◆ YOUR TASK
Reproduce the records below in full and word for word, excluding pictures.

··········

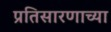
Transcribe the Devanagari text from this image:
प्रतिसारणाच्या
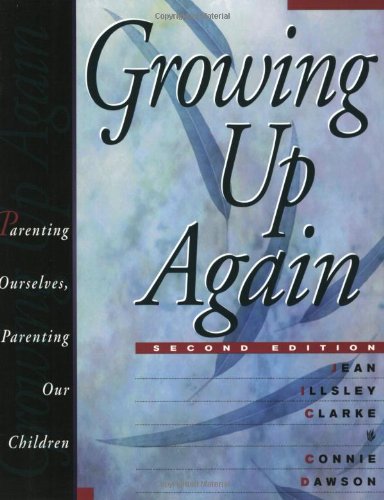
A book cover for Growing Up Again: Parenting Ourselves, Parenting Our Children; Jean Illsley Clarke; Self-Help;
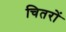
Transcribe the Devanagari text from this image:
चितरों
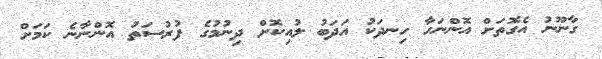
ގާނޫނު އެގޮތަށް އޮންނަހާ ހިނދަކު އަދަބު ލުއިކޮށް ދިނުމުގެ ފުރުސަތު އޮންނާނެ ކަމަށް
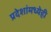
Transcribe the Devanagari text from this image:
प्रदेशांमध्येही
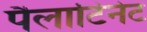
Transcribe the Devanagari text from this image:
पैलाटिनेट
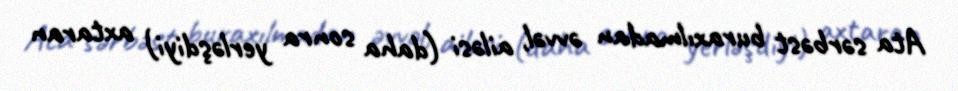
Ata sərbəst buraxılmadan əvvəl, ailəsi (daha sonra yerləşdiyi) axtaran
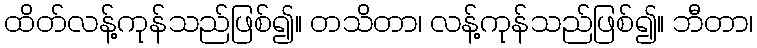
ထိတ်လန့်ကုန်သည်ဖြစ်၍။ တသိတာ၊ လန့်ကုန်သည်ဖြစ်၍။ ဘီတာ၊
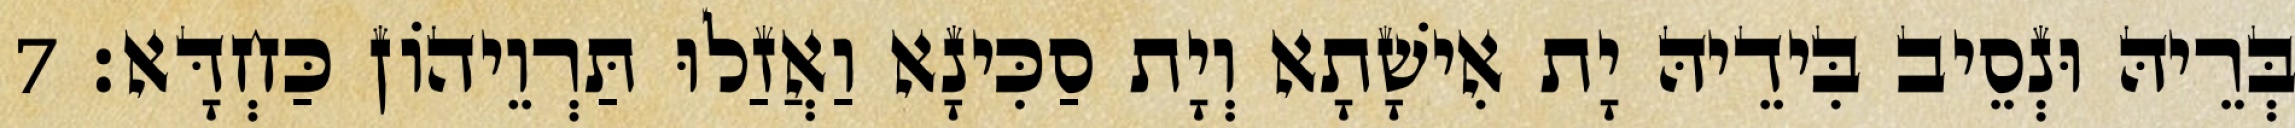
בְּרֵיהּ וּנְסֵיב בִּידֵיהּ יָת אִישָׁתָא וְיָת סַכִּינָא וַאֲזַלוּ תַּרְוֵיהוֹן כַּחְדָּא׃ 7
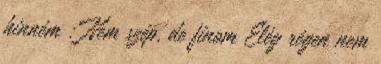
hinném : Nem szép, de finom Elég régen nem
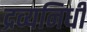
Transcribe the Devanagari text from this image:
द्रव्यनिधी
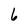
Character: 6
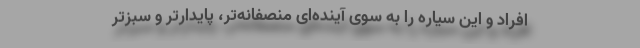
افراد و این سیاره را به سوی آینده‌ای منصفانه‌تر، پایدارتر و سبزتر
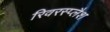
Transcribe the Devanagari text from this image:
रिवरस्प्लैश
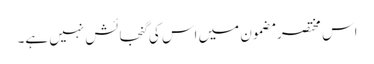
اس مختصر مضمون میں اس کی گنجائش نہیں ہے۔
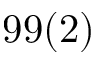
9 9 ( 2 )
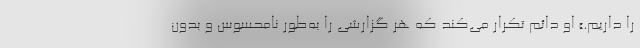
را داریم.» او دائم تکرار می‌کند که هر گزارشی را به‌طور نامحسوس و بدون
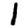
Digit: 1
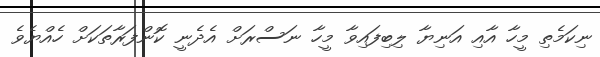
ނިކަމެތި މީހާ އާއި އަނިޔާ ލިބިފައިވާ މީހާ ނަސްރަށް އެދެނީ ކޮންފަރާތަކަށް ހެއްޔެވެ
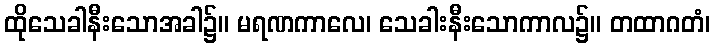
ထိုသေခါနီးသောအခါ၌။ မရဏကာလေ၊ သေခါးနီးသောကာလ၌။ တထာဂတံ၊
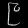
Digit: ၉
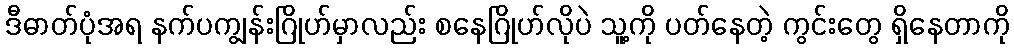
ဒီဓာတ်ပုံအရ နက်ပကျွန်းဂြိုဟ်မှာလည်း စနေဂြိုဟ်လိုပဲ သူ့ကို ပတ်နေတဲ့ ကွင်းတွေ ရှိနေတာကို
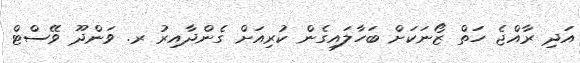
އަދި ރާއްޖެ ހަތް ޒޯނަކަށް ބަހާލައިގެން ކުރިއަށް ގެންދާއިރު ރ. ވަންދޫ ވޭސްޓް
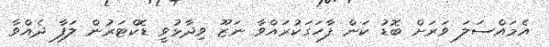
އެމައްސަލަ ވަރަށް ބޮޑު ކަން ފާހަގަކުރައްވާ ނަޒޫ ވިދާޅުވީ ޑޮކްޓަރުން ލަފާ ދެއްވާ
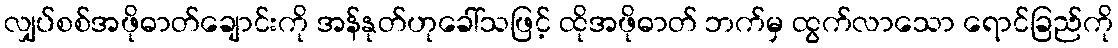
လျှပ်စစ်အဖိုဓာတ်ချောင်းကို အန်နုတ်ဟုခေါ်သဖြင့် ထိုအဖိုဓာတ် ဘက်မှ ထွက်လာသော ရောင်ခြည်ကို
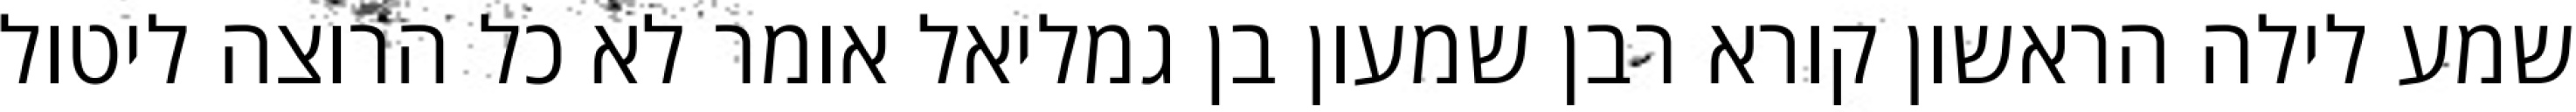
שמע לילה הראשון קורא רבן שמעון בן גמליאל אומר לא כל הרוצה ליטול
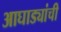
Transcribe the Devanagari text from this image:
आघाड्यांची
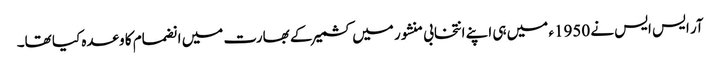
آر ایس ایس نے 1950ء میں ہی اپنے انتخابی منشور میں کشمیر کے بھارت میں انضمام کا وعدہ کیا تھا۔
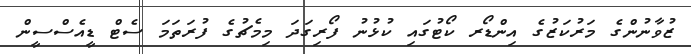
ޒުވާނުންގެ މަރުކަޒުގެ އިންޑޯރ ކޯޓުގައި ކުޅުނު ފޯރިގަދަ މިމެޗުގެ ފުރަތަމަ ސެޓް ޑީއެސްސީން
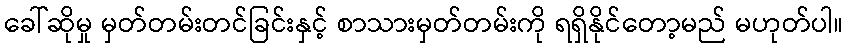
ခေါ်ဆိုမှု မှတ်တမ်းတင်ခြင်းနှင့် စာသားမှတ်တမ်းကို ရရှိနိုင်တော့မည် မဟုတ်ပါ။
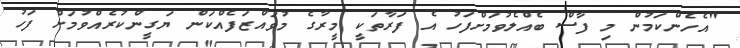
"އެހެންކަމުން މި ފާސް ބެއްލެވުމަށްފަހު އެ ފަރާތަކީ މީރާގެ މުވައްޒަފެއްކަން ޔަގީންކުރެއްވުމަށް ފަހު
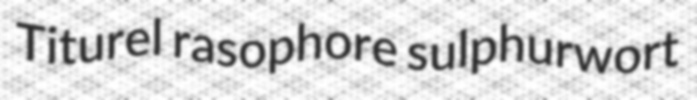
Titurel rasophore sulphurwort
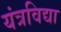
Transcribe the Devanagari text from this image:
यंत्रविद्या
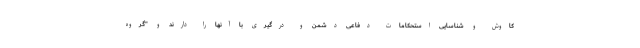
کاوش و شناسایی استحکامات دفاعی دشمن و درگیری با آنها را دارند و "گروه
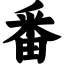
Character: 番
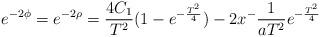
LaTeX: \begin{align*}e^{-2\phi}=e^{-2\rho}= \frac{4C_1}{T^2} (1-e^{-\frac{T^2}{4}}) -2x^- \frac{1}{a T^2} e^{-\frac{T^2}{4}} \end{align*}
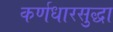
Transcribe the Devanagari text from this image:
कर्णधारसुद्धा
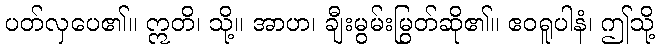
ပတ်လှပေ၏။ ဣတိ၊ သို့။ အာဟ၊ ချီးမွမ်းမြွတ်ဆို၏။ ဧဝရူပါနံ၊ ဤသို့
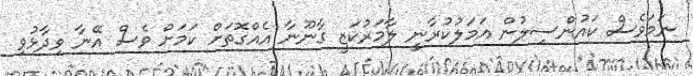
ނަމަވެސް ކައުންސިލުން އަމަލުކުރާނީ ލާމަރުކަޒީ ގާނޫނާ އެއްގޮތަށް ކަމަށް ވެސް އޭނާ ވިދާޅުވި
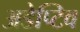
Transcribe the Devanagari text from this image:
अडेप्टिव
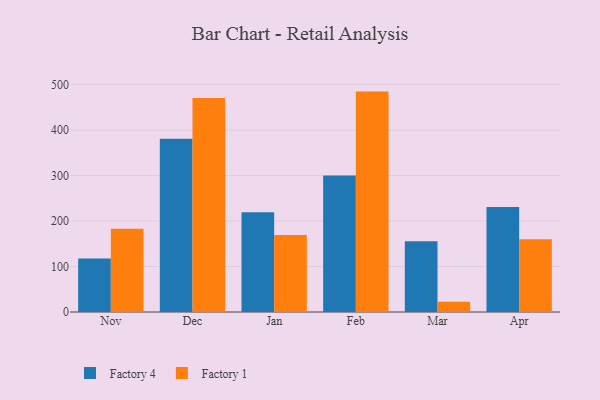
{"axis": {"x": "Month", "y": "Inventory Turnover"}, "legend": ["Factory 1", "Factory 4"], "data": [{"x": "Nov", "y": 117.6, "type": "Factory 4"}, {"x": "Nov", "y": 183.1, "type": "Factory 1"}, {"x": "Dec", "y": 380.8, "type": "Factory 4"}, {"x": "Dec", "y": 470.8, "type": "Factory 1"}, {"x": "Jan", "y": 219.6, "type": "Factory 4"}, {"x": "Jan", "y": 169.2, "type": "Factory 1"}, {"x": "Feb", "y": 300.3, "type": "Factory 4"}, {"x": "Feb", "y": 484.7, "type": "Factory 1"}, {"x": "Mar", "y": 155.4, "type": "Factory 4"}, {"x": "Mar", "y": 22.4, "type": "Factory 1"}, {"x": "Apr", "y": 230.7, "type": "Factory 4"}, {"x": "Apr", "y": 159.9, "type": "Factory 1"}]}
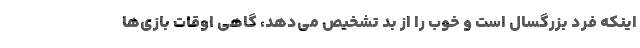
اینکه فرد بزرگسال است و خوب را از بد تشخیص می‌دهد، گاهی اوقات بازی‌ها
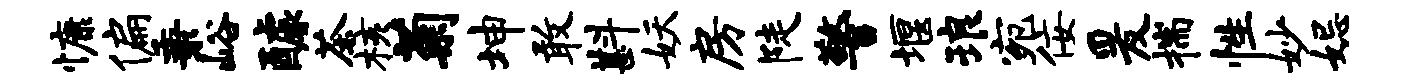
慷偏秉峪醵茶核菊坤敢斟妖房陡警堰琅宛佞爰揣性妙妃
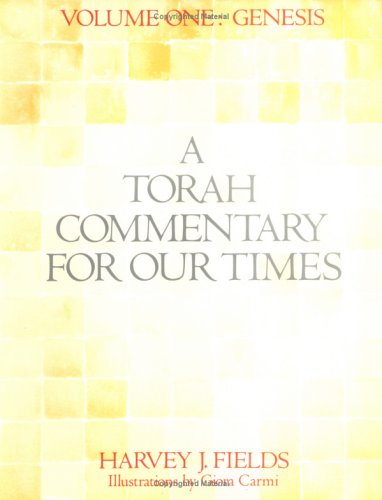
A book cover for Torah Commentary for Our Times: Genesis (Torah Commentary for Our Times); Harvey J. Fields; Teen & Young Adult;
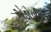
એડોબી
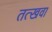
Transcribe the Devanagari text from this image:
तत्खवा
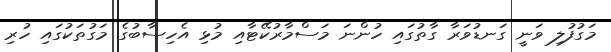
މަގުފުލި ވަނީ ގަނޑުވަރާ ގާތުގައި ހުންނަ މަސްމާރުކޭޓާއި މުޅި އެހިސާބުގެ މަގުތަކުގައި ހުރި
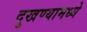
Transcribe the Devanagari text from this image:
दुखण्यामध्ये
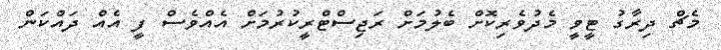
މެޗް ދިރާގު ޓީވީ މެދުވެރިކޮށް ބެލުމަށް ރަޖިސްޓްރީކުރުމަށް އެއްވެސް ފީ އެއް ދައްކަން
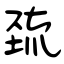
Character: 巯
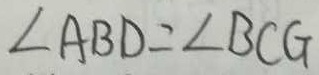
\angle A B D = \angle B C G
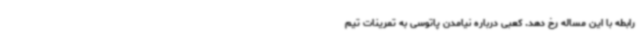
رابطه با این مساله رخ دهد. کعبی درباره نیامدن پاتوسی به تمرینات تیم
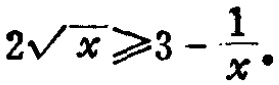
\(2\sqrt{x}\geqslant3 - \frac{1}{x}\)
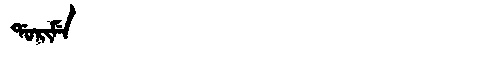
Manchu: ᡩᠣᡵᡳᠮᡝ
Romanization: DORIME
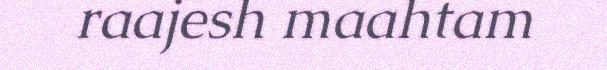
raajesh maahtam
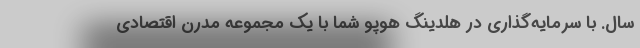
سال. با سرمایه‌گذاری در هلدینگ هوپو شما با یک مجموعه مدرن اقتصادی
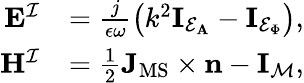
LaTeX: \begin{array}{rl}{\mathbf{E}^{\mathcal{I}}}&{=\frac{j}{\epsilon\omega}\big(k^{2}\mathbf{I}_{\mathcal{E}_{\mathbf{A}}}-\mathbf{I}_{\mathcal{E}_{\Phi}}\big),}\\ {\mathbf{H}^{\mathcal{I}}}&{=\frac{1}{2}\mathbf{J}_{\mathrm{MS}}\times\mathbf{n}-\mathbf{I}_{\mathcal{M}},}\end{array}
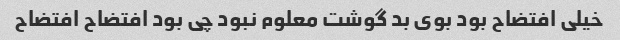
خیلی افتضاح بود بوی بد گوشت معلوم نبود چی بود افتضاح افتضاح

··········

◆ EXERCISE RESULT
Transcribe the Devanagari text from this image:
प्रतिसारणाच्या
A book cover for Growing Up Again: Parenting Ourselves, Parenting Our Children; Jean Illsley Clarke; Self-Help;
Transcribe the Devanagari text from this image:
चितरों
ގާނޫނު އެގޮތަށް އޮންނަހާ ހިނދަކު އަދަބު ލުއިކޮށް ދިނުމުގެ ފުރުސަތު އޮންނާނެ ކަމަށް
Transcribe the Devanagari text from this image:
प्रदेशांमध्येही
Transcribe the Devanagari text from this image:
पैलाटिनेट
Ata sərbəst buraxılmadan əvvəl, ailəsi (daha sonra yerləşdiyi) axtaran
ထိတ်လန့်ကုန်သည်ဖြစ်၍။ တသိတာ၊ လန့်ကုန်သည်ဖြစ်၍။ ဘီတာ၊
בְּרֵיהּ וּנְסֵיב בִּידֵיהּ יָת אִישָׁתָא וְיָת סַכִּינָא וַאֲזַלוּ תַּרְוֵיהוֹן כַּחְדָּא׃ 7
hinném : Nem szép, de finom Elég régen nem
Transcribe the Devanagari text from this image:
द्रव्यनिधी
Character: 6
افراد و این سیاره را به سوی آینده‌ای منصفانه‌تر، پایدارتر و سبزتر
Transcribe the Devanagari text from this image:
रिवरस्प्लैश
اس مختصر مضمون میں اس کی گنجائش نہیں ہے۔
9 9 ( 2 )
را داریم.» او دائم تکرار می‌کند که هر گزارشی را به‌طور نامحسوس و بدون
Digit: 1
ނިކަމެތި މީހާ އާއި އަނިޔާ ލިބިފައިވާ މީހާ ނަސްރަށް އެދެނީ ކޮންފަރާތަކަށް ހެއްޔެވެ
ထိုသေခါနီးသောအခါ၌။ မရဏကာလေ၊ သေခါးနီးသောကာလ၌။ တထာဂတံ၊
Digit: ၉
ဒီဓာတ်ပုံအရ နက်ပကျွန်းဂြိုဟ်မှာလည်း စနေဂြိုဟ်လိုပဲ သူ့ကို ပတ်နေတဲ့ ကွင်းတွေ ရှိနေတာကို
އަދި ރާއްޖެ ހަތް ޒޯނަކަށް ބަހާލައިގެން ކުރިއަށް ގެންދާއިރު ރ. ވަންދޫ ވޭސްޓް
އެމައްސަލަ ވަރަށް ބޮޑު ކަން ފާހަގަކުރައްވާ ނަޒޫ ވިދާޅުވީ ޑޮކްޓަރުން ލަފާ ދެއްވާ
လျှပ်စစ်အဖိုဓာတ်ချောင်းကို အန်နုတ်ဟုခေါ်သဖြင့် ထိုအဖိုဓာတ် ဘက်မှ ထွက်လာသော ရောင်ခြည်ကို
שמע לילה הראשון קורא רבן שמעון בן גמליאל אומר לא כל הרוצה ליטול
Transcribe the Devanagari text from this image:
आघाड्यांची
آر ایس ایس نے 1950ء میں ہی اپنے انتخابی منشور میں کشمیر کے بھارت میں انضمام کا وعدہ کیا تھا۔
ޒުވާނުންގެ މަރުކަޒުގެ އިންޑޯރ ކޯޓުގައި ކުޅުނު ފޯރިގަދަ މިމެޗުގެ ފުރަތަމަ ސެޓް ޑީއެސްސީން
ခေါ်ဆိုမှု မှတ်တမ်းတင်ခြင်းနှင့် စာသားမှတ်တမ်းကို ရရှိနိုင်တော့မည် မဟုတ်ပါ။
"އެހެންކަމުން މި ފާސް ބެއްލެވުމަށްފަހު އެ ފަރާތަކީ މީރާގެ މުވައްޒަފެއްކަން ޔަގީންކުރެއްވުމަށް ފަހު
Titurel rasophore sulphurwort
Transcribe the Devanagari text from this image:
यंत्रविद्या
کاوش و شناسایی استحکامات دفاعی دشمن و درگیری با آنها را دارند و "گروه
Character: 番
LaTeX: \begin{align*}e^{-2\phi}=e^{-2\rho}= \frac{4C_1}{T^2} (1-e^{-\frac{T^2}{4}}) -2x^- \frac{1}{a T^2} e^{-\frac{T^2}{4}} \end{align*}
Transcribe the Devanagari text from this image:
कर्णधारसुद्धा
ပတ်လှပေ၏။ ဣတိ၊ သို့။ အာဟ၊ ချီးမွမ်းမြွတ်ဆို၏။ ဧဝရူပါနံ၊ ဤသို့
ނަމަވެސް ކައުންސިލުން އަމަލުކުރާނީ ލާމަރުކަޒީ ގާނޫނާ އެއްގޮތަށް ކަމަށް ވެސް އޭނާ ވިދާޅުވި
Transcribe the Devanagari text from this image:
अडेप्टिव
{"axis": {"x": "Month", "y": "Inventory Turnover"}, "legend": ["Factory 1", "Factory 4"], "data": [{"x": "Nov", "y": 117.6, "type": "Factory 4"}, {"x": "Nov", "y": 183.1, "type": "Factory 1"}, {"x": "Dec", "y": 380.8, "type": "Factory 4"}, {"x": "Dec", "y": 470.8, "type": "Factory 1"}, {"x": "Jan", "y": 219.6, "type": "Factory 4"}, {"x": "Jan", "y": 169.2, "type": "Factory 1"}, {"x": "Feb", "y": 300.3, "type": "Factory 4"}, {"x": "Feb", "y": 484.7, "type": "Factory 1"}, {"x": "Mar", "y": 155.4, "type": "Factory 4"}, {"x": "Mar", "y": 22.4, "type": "Factory 1"}, {"x": "Apr", "y": 230.7, "type": "Factory 4"}, {"x": "Apr", "y": 159.9, "type": "Factory 1"}]}
اینکه فرد بزرگسال است و خوب را از بد تشخیص می‌دهد، گاهی اوقات بازی‌ها
慷偏秉峪醵茶核菊坤敢斟妖房陡警堰琅宛佞爰揣性妙妃
A book cover for Torah Commentary for Our Times: Genesis (Torah Commentary for Our Times); Harvey J. Fields; Teen & Young Adult;
એડોબી
Transcribe the Devanagari text from this image:
तत्खवा
މަގުފުލި ވަނީ ގަނޑުވަރާ ގާތުގައި ހުންނަ މަސްމާރުކޭޓާއި މުޅި އެހިސާބުގެ މަގުތަކުގައި ހުރި
Transcribe the Devanagari text from this image:
दुखण्यामध्ये
މެޗް ދިރާގު ޓީވީ މެދުވެރިކޮށް ބެލުމަށް ރަޖިސްޓްރީކުރުމަށް އެއްވެސް ފީ އެއް ދައްކަން
Character: 巯
\angle A B D = \angle B C G
رابطه با این مساله رخ دهد. کعبی درباره نیامدن پاتوسی به تمرینات تیم
\(2\sqrt{x}\geqslant3 - \frac{1}{x}\)
Manchu: ᡩᠣᡵᡳᠮᡝ
Romanization: DORIME
raajesh maahtam
سال. با سرمایه‌گذاری در هلدینگ هوپو شما با یک مجموعه مدرن اقتصادی
LaTeX: \begin{array}{rl}{\mathbf{E}^{\mathcal{I}}}&{=\frac{j}{\epsilon\omega}\big(k^{2}\mathbf{I}_{\mathcal{E}_{\mathbf{A}}}-\mathbf{I}_{\mathcal{E}_{\Phi}}\big),}\\ {\mathbf{H}^{\mathcal{I}}}&{=\frac{1}{2}\mathbf{J}_{\mathrm{MS}}\times\mathbf{n}-\mathbf{I}_{\mathcal{M}},}\end{array}
خیلی افتضاح بود بوی بد گوشت معلوم نبود چی بود افتضاح افتضاح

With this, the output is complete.